● Exercise data

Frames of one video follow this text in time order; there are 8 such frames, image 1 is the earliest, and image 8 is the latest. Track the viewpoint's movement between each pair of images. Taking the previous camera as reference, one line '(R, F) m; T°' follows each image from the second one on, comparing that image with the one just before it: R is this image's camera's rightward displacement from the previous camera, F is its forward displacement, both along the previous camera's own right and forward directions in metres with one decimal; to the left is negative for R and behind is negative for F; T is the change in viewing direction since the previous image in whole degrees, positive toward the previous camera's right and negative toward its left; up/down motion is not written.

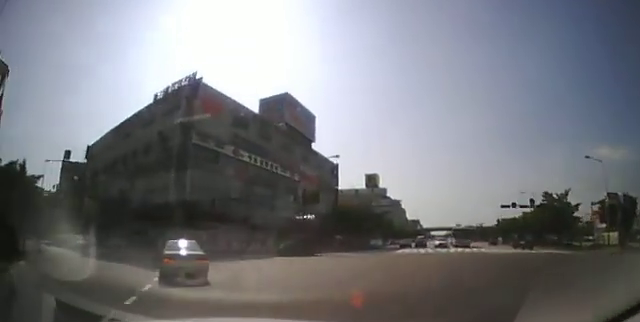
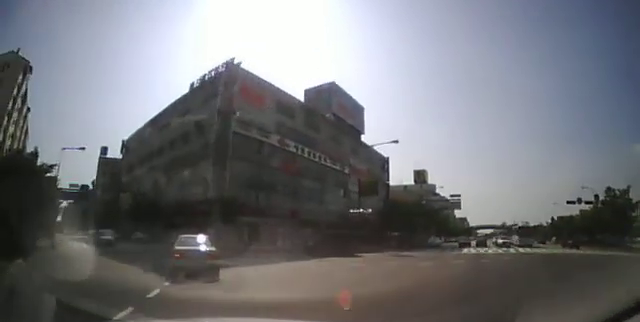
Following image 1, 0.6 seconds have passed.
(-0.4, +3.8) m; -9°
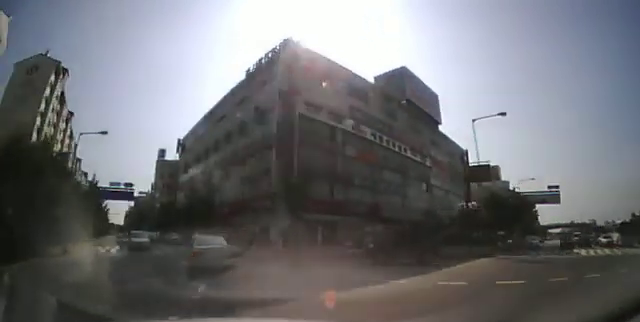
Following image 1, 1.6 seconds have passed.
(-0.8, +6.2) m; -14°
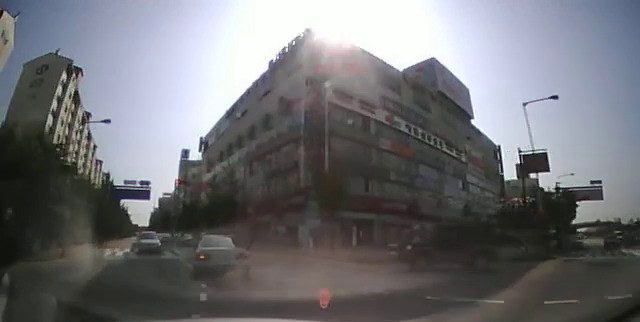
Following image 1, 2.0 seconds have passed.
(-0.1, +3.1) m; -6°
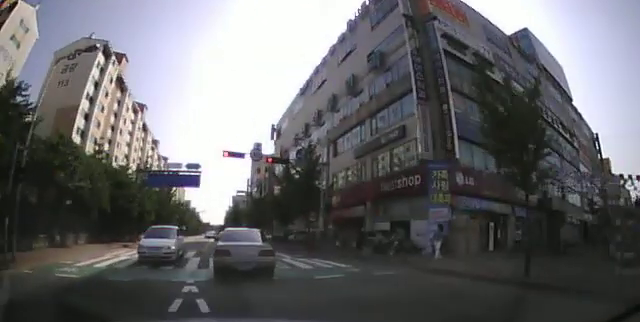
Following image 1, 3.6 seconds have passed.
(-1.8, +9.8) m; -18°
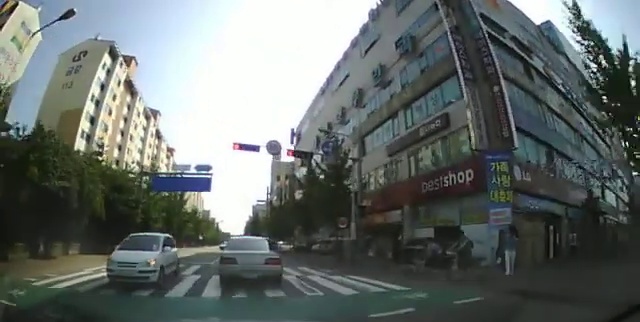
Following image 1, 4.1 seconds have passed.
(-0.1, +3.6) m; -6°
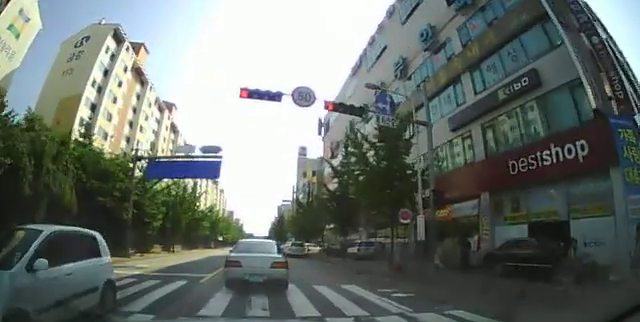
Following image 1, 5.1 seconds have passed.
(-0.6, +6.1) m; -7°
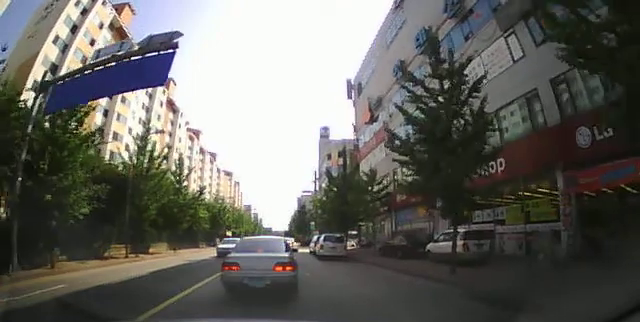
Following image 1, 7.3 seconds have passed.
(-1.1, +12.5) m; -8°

...

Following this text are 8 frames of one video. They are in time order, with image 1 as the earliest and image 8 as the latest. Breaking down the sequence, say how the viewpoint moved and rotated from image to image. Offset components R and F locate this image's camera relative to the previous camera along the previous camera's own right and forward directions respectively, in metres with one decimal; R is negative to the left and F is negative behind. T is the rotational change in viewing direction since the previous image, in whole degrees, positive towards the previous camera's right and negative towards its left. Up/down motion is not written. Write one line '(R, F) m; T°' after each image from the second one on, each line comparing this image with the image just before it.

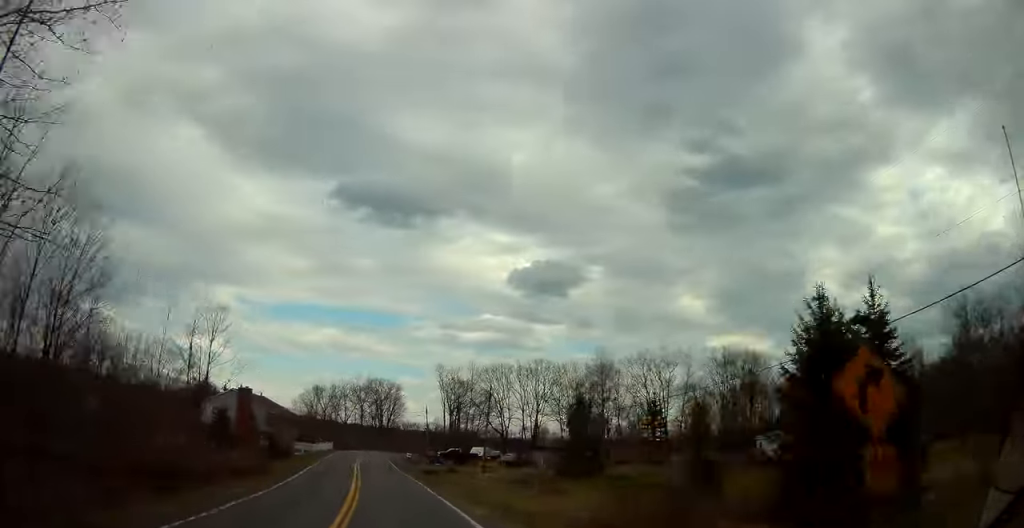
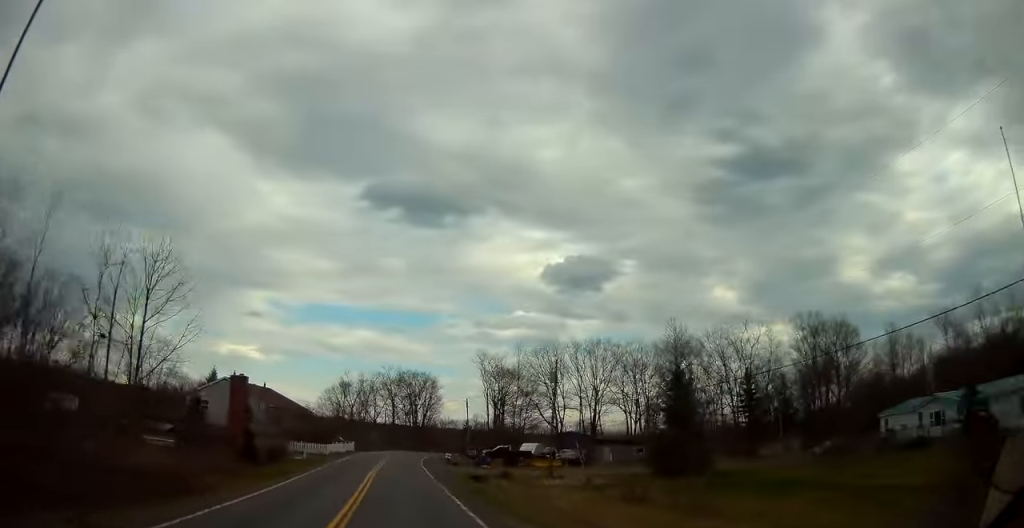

● Assignment
Show each line of the data that contains the string "since".

● Exercise result
Frames of one video follow this text in time order; there are 8 such frames, image 1 is the earliest, and image 8 is the latest. Track the viewpoint's movement between each pair of images. Taking the previous camera as reference, one line '(R, F) m; T°' follows each image from the second one on, comparing that image with the one just before it: R is this image's camera's rightward displacement from the previous camera, F is its forward displacement, both along the previous camera's own right and forward directions in metres with one decimal; to the left is negative for R and behind is negative for F; T is the change in viewing direction since the previous image in whole degrees, positive toward the previous camera's right and negative toward its left; up/down motion is not written.
Following this text are 8 frames of one video. They are in time order, with image 1 as the earliest and image 8 as the latest. Breaking down the sequence, say how the viewpoint moved and rotated from image to image. Offset components R and F locate this image's camera relative to the previous camera along the previous camera's own right and forward directions respectively, in metres with one decimal; R is negative to the left and F is negative behind. T is the rotational change in viewing direction since the previous image, in whole degrees, positive towards the previous camera's right and negative towards its left. Up/down motion is not written. Write one line '(R, F) m; T°' after each image from the second one on, each line comparing this image with the image just before it.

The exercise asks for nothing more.